## Stored items from a collection

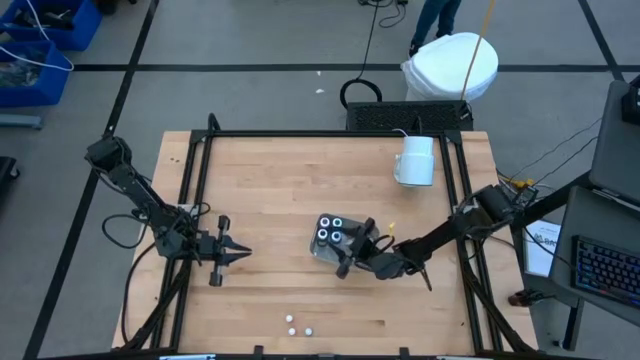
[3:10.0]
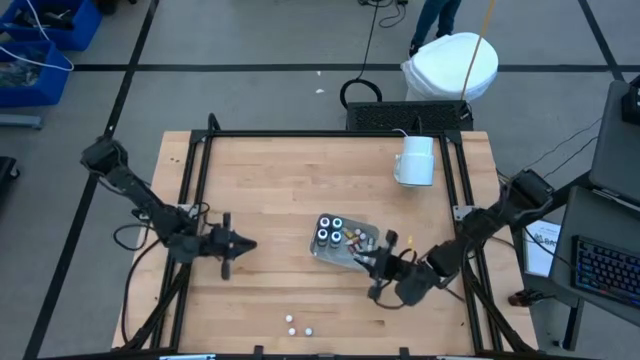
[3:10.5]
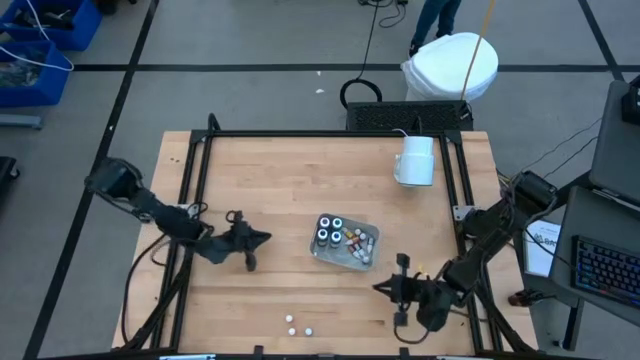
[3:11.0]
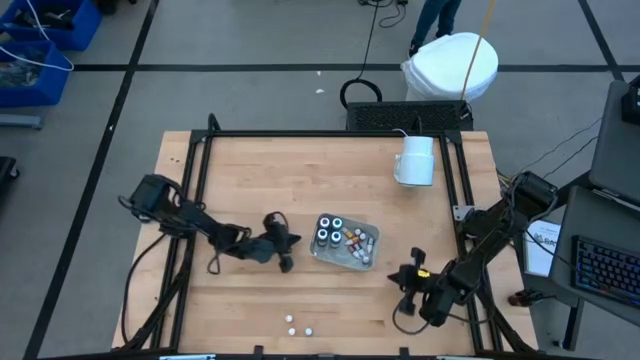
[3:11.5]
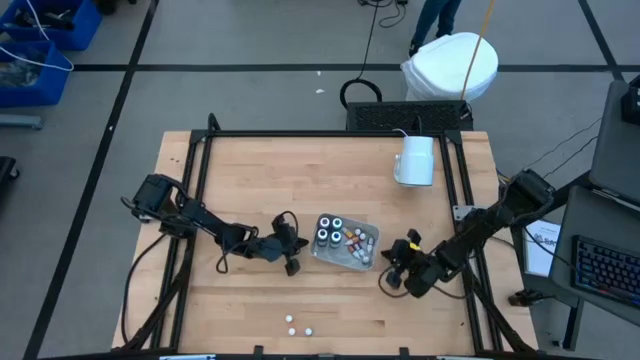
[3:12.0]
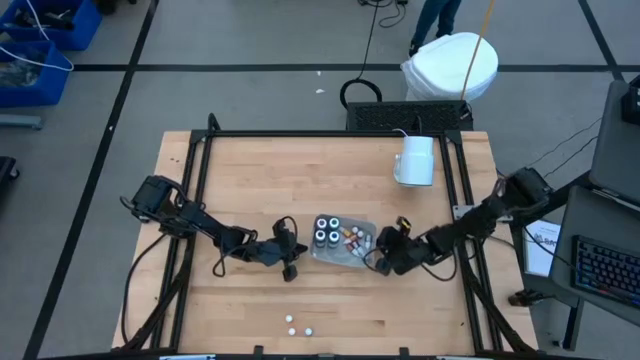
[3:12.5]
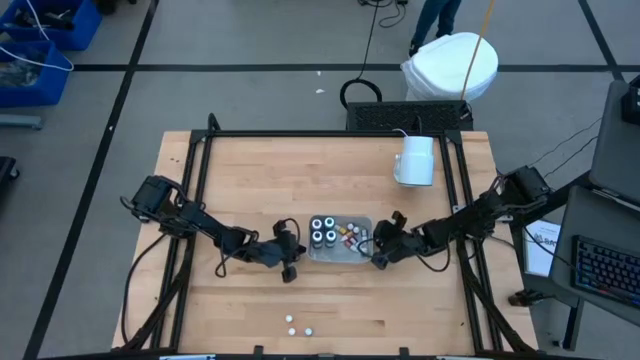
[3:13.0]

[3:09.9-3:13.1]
Adjust the gray bin

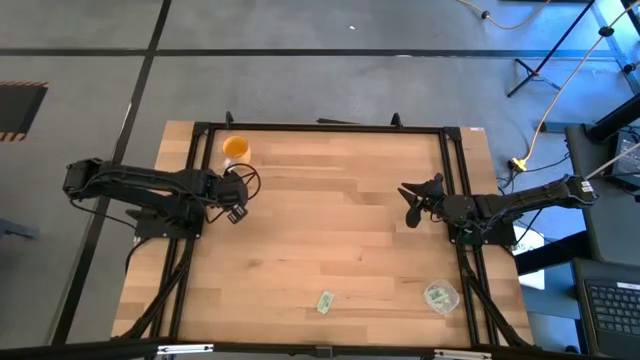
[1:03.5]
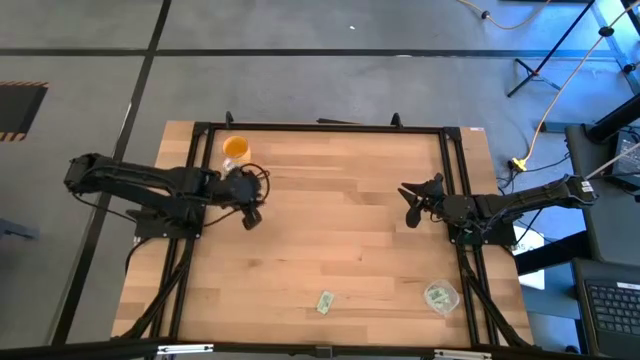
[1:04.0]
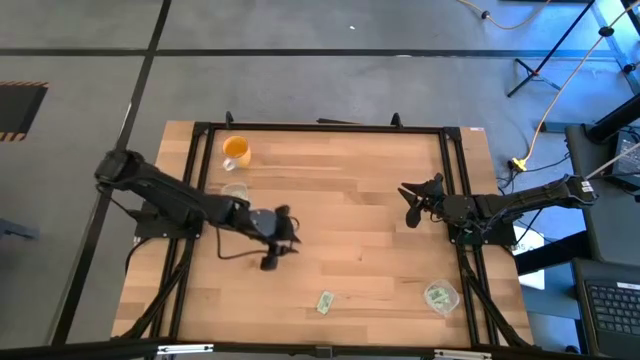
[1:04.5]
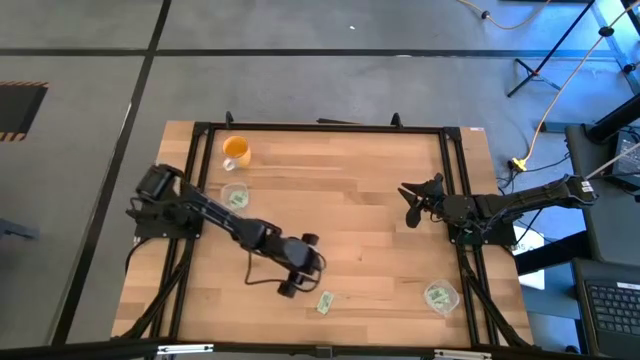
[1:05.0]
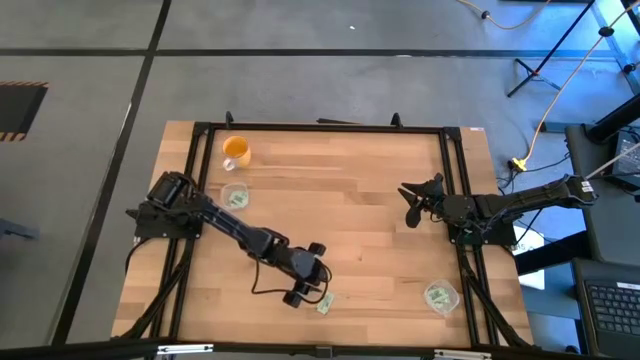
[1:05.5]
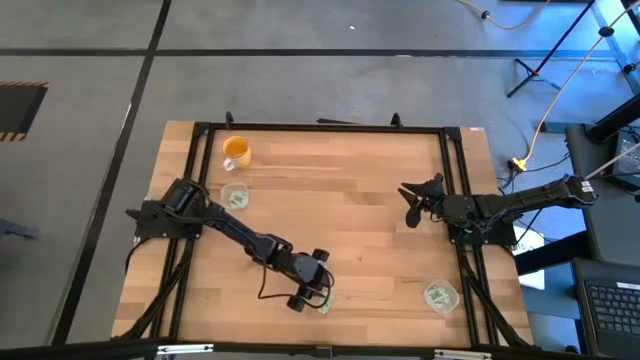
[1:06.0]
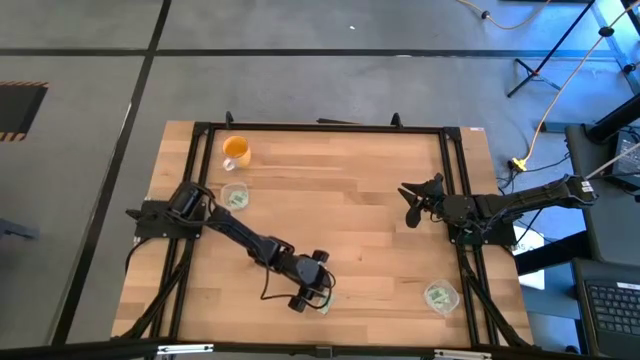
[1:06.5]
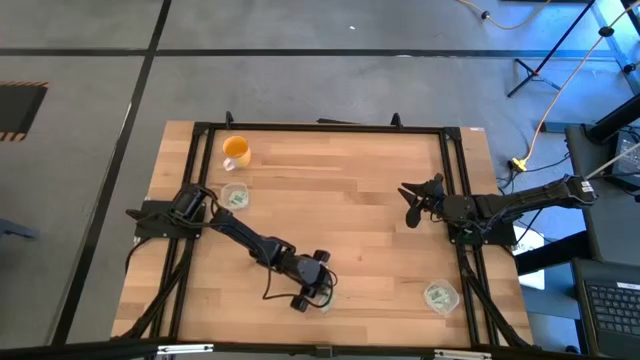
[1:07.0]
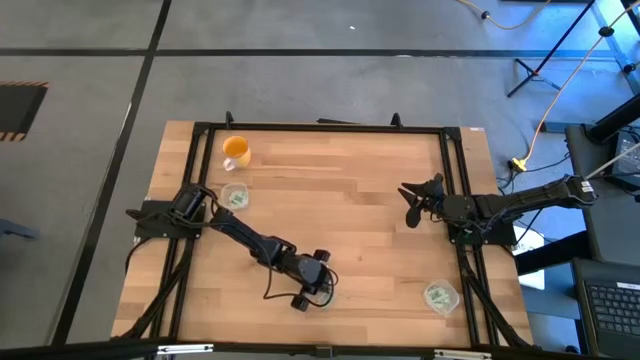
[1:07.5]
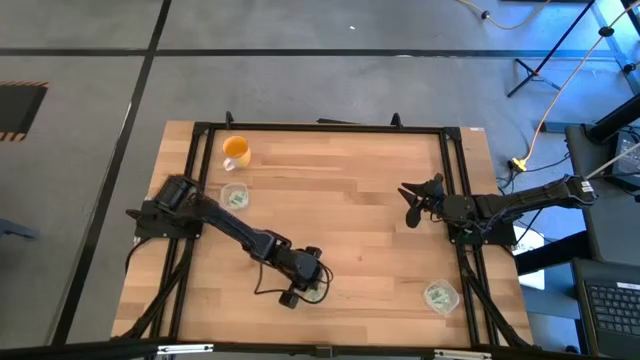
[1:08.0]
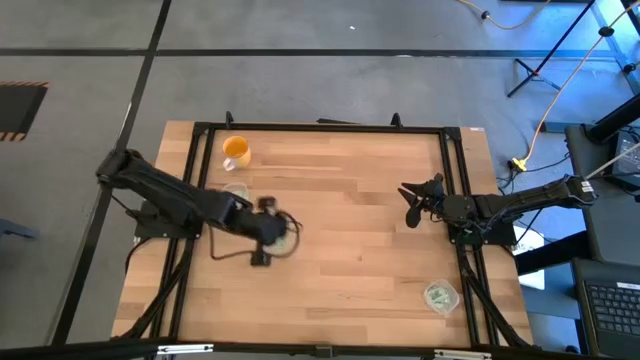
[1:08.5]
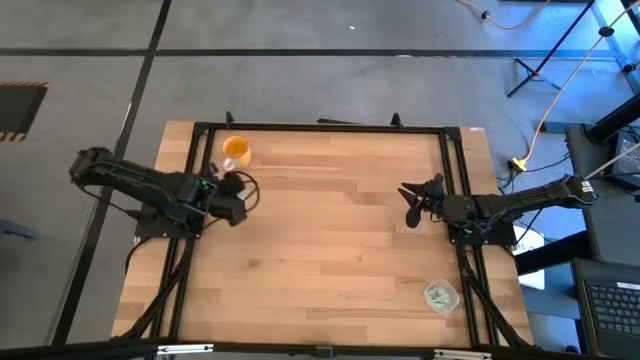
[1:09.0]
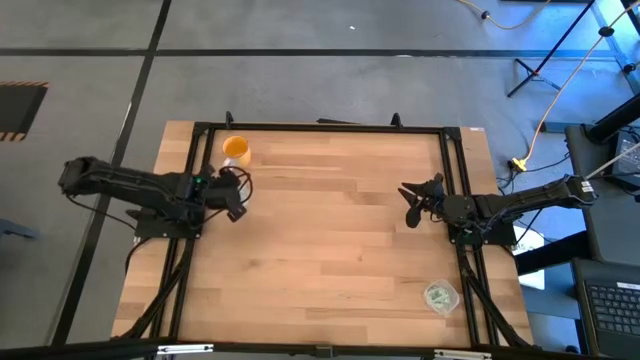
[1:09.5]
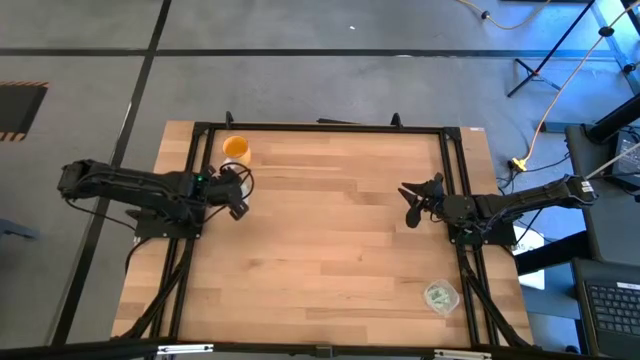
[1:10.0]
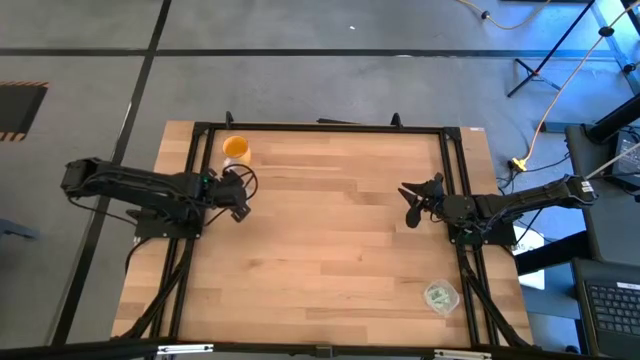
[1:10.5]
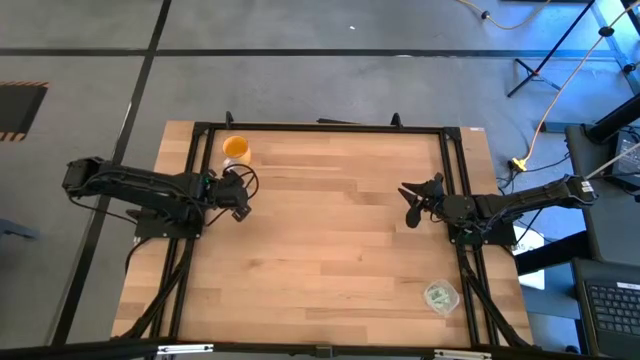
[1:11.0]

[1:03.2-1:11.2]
Task: Pick and place items into bin
Put the green stevia packet into the top transparent bin

## Exercise directions
Only the lines from the line holding "[3:09.9-3:13.1]" through the last line above belong in the answer, repeated exactly; the pictures do not.

## Expected answer
[3:09.9-3:13.1]
Adjust the gray bin

[1:03.5]
[1:04.0]
[1:04.5]
[1:05.0]
[1:05.5]
[1:06.0]
[1:06.5]
[1:07.0]
[1:07.5]
[1:08.0]
[1:08.5]
[1:09.0]
[1:09.5]
[1:10.0]
[1:10.5]
[1:11.0]

[1:03.2-1:11.2]
Task: Pick and place items into bin
Put the green stevia packet into the top transparent bin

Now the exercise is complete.